Harrow We are utilizing the partnerships in both the community and business community to increase the traffic through their stores and associations and increase the awareness of their businesses. In turn, they help us to spread the fire-prevention messaging and awareness of how Minto Fire is a great community partner. The best part for us is the fact that it costs us minimal dollars and very little staff time so our firefighters are not overtaxed with work.

Foerter To reiterate, we’re shifting our focus to look less at the programs and more how we can make material fit the personalities of the people with whom we are communicating. One generic program does not fit the entire community. We need to analyze businesses and the many strategies they employ within not only their marketing departments, but their entire organizations. Many businesses are successful because they have mastered the customer experience; they take care of their customers and make them feel valued or important. Satisfied customers create a loyal fan base. As a fire service, we want our community to be loyal to us and participate in our programs.

Walt Disney World is the epitome of family vacations for almost every young family. Why does Disney stay in the top position for family entertainment? Walt Disney’s philosophy is, “You don’t build it for yourself. You know what the people want and you build it for them. Get out there, be willing to listen, and then institutionalize learning and continuous improvement on behalf of your [community].”



Q Chief, what advice would you give your fire-chief colleagues across the country who are looking to create more effective public-engagement strategies?

Harrow Step away from tradition. Hire non-traditional firefighters. Callise is as much a firefighter as our suppression firefighters. She does not respond to calls in trucks, she responds to the public via social media.

Secondly, start seeing the fire department as a business entity. Aspects of the fire department need to be run as a business. We are starting down the road of a new marketing strategy that compliments what we have been doing in public education that we are hopeful will take off.
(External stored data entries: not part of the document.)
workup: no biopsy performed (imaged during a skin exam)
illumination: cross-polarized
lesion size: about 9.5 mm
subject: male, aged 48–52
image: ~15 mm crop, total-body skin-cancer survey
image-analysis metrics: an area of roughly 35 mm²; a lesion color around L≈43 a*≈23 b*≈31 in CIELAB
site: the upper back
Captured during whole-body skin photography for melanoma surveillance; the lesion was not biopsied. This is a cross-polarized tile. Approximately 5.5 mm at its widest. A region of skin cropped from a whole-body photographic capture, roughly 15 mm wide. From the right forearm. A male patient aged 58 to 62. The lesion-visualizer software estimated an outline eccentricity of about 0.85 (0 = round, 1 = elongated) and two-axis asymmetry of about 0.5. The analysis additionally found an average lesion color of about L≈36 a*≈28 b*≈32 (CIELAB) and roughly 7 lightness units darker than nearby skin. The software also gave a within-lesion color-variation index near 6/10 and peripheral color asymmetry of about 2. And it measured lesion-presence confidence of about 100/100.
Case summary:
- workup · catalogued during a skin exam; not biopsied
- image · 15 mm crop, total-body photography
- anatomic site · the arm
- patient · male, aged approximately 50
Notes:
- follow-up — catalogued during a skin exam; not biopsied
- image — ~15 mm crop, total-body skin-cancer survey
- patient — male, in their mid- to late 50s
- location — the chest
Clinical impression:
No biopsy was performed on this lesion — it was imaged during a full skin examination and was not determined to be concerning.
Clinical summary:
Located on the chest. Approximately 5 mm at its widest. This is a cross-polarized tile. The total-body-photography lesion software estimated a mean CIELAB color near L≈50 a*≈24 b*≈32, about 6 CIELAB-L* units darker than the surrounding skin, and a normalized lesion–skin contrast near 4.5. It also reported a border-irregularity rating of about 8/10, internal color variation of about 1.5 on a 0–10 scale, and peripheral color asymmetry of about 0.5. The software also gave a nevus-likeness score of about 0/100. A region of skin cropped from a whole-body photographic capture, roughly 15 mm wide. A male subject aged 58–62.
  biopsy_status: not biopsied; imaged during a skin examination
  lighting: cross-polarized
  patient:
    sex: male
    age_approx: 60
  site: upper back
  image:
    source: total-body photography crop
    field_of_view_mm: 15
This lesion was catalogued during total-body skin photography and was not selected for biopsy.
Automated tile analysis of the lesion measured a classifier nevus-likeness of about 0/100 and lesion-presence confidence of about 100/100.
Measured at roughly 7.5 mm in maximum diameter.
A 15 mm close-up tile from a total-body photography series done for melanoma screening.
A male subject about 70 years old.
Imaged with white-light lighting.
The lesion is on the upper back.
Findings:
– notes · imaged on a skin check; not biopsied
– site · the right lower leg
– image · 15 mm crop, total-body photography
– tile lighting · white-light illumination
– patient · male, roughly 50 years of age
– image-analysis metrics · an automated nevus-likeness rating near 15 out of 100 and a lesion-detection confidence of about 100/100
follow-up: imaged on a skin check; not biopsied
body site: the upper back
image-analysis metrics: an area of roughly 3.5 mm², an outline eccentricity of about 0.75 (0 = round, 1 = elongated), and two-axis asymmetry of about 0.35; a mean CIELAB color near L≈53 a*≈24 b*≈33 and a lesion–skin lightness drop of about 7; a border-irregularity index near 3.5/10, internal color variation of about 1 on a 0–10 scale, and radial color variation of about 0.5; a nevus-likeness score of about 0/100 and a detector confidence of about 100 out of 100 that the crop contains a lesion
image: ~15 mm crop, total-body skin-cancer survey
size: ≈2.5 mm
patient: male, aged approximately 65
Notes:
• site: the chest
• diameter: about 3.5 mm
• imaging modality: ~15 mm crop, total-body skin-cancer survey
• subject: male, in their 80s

Thinking like a business manager can shed a whole new light on your department and some of the possibilities that are open to us.

Q Callise, what steps do you recommend departments take when it comes to engaging with their communities via social media?
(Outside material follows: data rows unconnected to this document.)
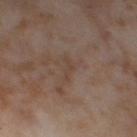Part of a total-body skin-imaging series; this lesion was reviewed on a skin check and was not flagged for biopsy.
The lesion-visualizer software estimated a lesion area of about 2 mm², an eccentricity of roughly 0.9, and a shape-asymmetry score of about 0.55 (0 = symmetric). The analysis additionally found a lesion color around L≈42 a*≈15 b*≈25 in CIELAB and a normalized lesion–skin contrast near 5. And it measured internal color variation of about 0 on a 0–10 scale and peripheral color asymmetry of about 0. The software also gave a lesion-detection confidence of about 95/100.
Imaged with cross-polarized lighting.
The lesion's longest dimension is about 2.5 mm.
The lesion is located on the right thigh.
A close-up tile cropped from a whole-body skin photograph, about 15 mm across.
The subject is a female in their mid- to late 50s.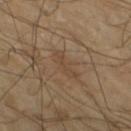Findings:
– follow-up — total-body-photography surveillance lesion; no biopsy
– site — the left lower leg
– acquisition — ~15 mm tile from a whole-body skin photo
– subject — male, aged 63–67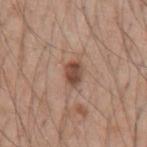Recorded during total-body skin imaging; not selected for excision or biopsy. The lesion's longest dimension is about 3 mm. On the left upper arm. Imaged with white-light lighting. A male subject, in their 50s. The lesion-visualizer software estimated a lesion area of about 5 mm², an outline eccentricity of about 0.75 (0 = round, 1 = elongated), and a shape-asymmetry score of about 0.2 (0 = symmetric). The analysis additionally found a border-irregularity index near 2/10, a color-variation rating of about 3/10, and a peripheral color-asymmetry measure near 1. A 15 mm crop from a total-body photograph taken for skin-cancer surveillance.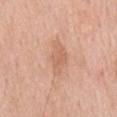<lesion>
  <biopsy_status>not biopsied; imaged during a skin examination</biopsy_status>
  <automated_metrics>
    <border_irregularity_0_10>2.5</border_irregularity_0_10>
    <color_variation_0_10>2.0</color_variation_0_10>
    <peripheral_color_asymmetry>0.5</peripheral_color_asymmetry>
  </automated_metrics>
  <lesion_size>
    <long_diameter_mm_approx>4.5</long_diameter_mm_approx>
  </lesion_size>
  <image>
    <source>total-body photography crop</source>
    <field_of_view_mm>15</field_of_view_mm>
  </image>
  <site>back</site>
  <lighting>white-light</lighting>
  <patient>
    <sex>male</sex>
    <age_approx>60</age_approx>
  </patient>
</lesion>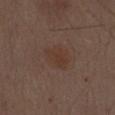Case summary:
– notes: no biopsy performed (imaged during a skin exam)
– illumination: white-light
– subject: male, roughly 70 years of age
– anatomic site: the abdomen
– image-analysis metrics: an area of roughly 9 mm², an eccentricity of roughly 0.55, and a symmetry-axis asymmetry near 0.25; a border-irregularity rating of about 2.5/10, a color-variation rating of about 2/10, and radial color variation of about 0.5; an automated nevus-likeness rating near 40 out of 100 and a detector confidence of about 100 out of 100 that the crop contains a lesion
– image: ~15 mm crop, total-body skin-cancer survey
– size: ~4 mm (longest diameter)

Foerter My steps for starting on social media:
  1. Start with one or two networks and post great content regularly
  2. Grow your network by engaging with the type of people you want to follow you
  3. Be available always. Unfortunately, it’s not a nine-to-five job. I joke that you should have online firefighters who respond online when  firefighters respond on the ground, but I’m not really joking.
  4. And my favourite advice from Scott Stratten’s book Unmarketing is if you want to evoke emotion, it’s internal emotion for the reader, not the writer. If someone reads your tweet or blog post, or sees your video, and the only thing they learn is more about you, you’re not evoking emotion. That’s an ad. If you want to persuade people and get them to pass something around, evoke their emotion.
Q Since shifting the approach to a more marketing-savvy style, what results have materialized in Minto?

Harrow Our volunteer and recruitment program has become more successful. The firefighters are able to feel proud of their organization and how well the community responds to them. The entire organization needs to buy into a successful public-education program. The firefighters in the department deserve credit for promoting the program and being out in their home communities.

Foerter Our department has reaped many benefits from our new approach to public education, including:
  • Increased awareness of our organization and members.
  • Increased attendance by both our firefighters and our community members at public-education programs and events.
  • Increased community engagement by both our business community and our residents.
  • Increased rapport with our municipal council.
  • Influx of volunteers signing up to become part of our department.
  • Increased retention of our volunteers.
  • Influx of dollars to our training, public-education and equipment divisions.
  • A heightened profile of our organization in the community.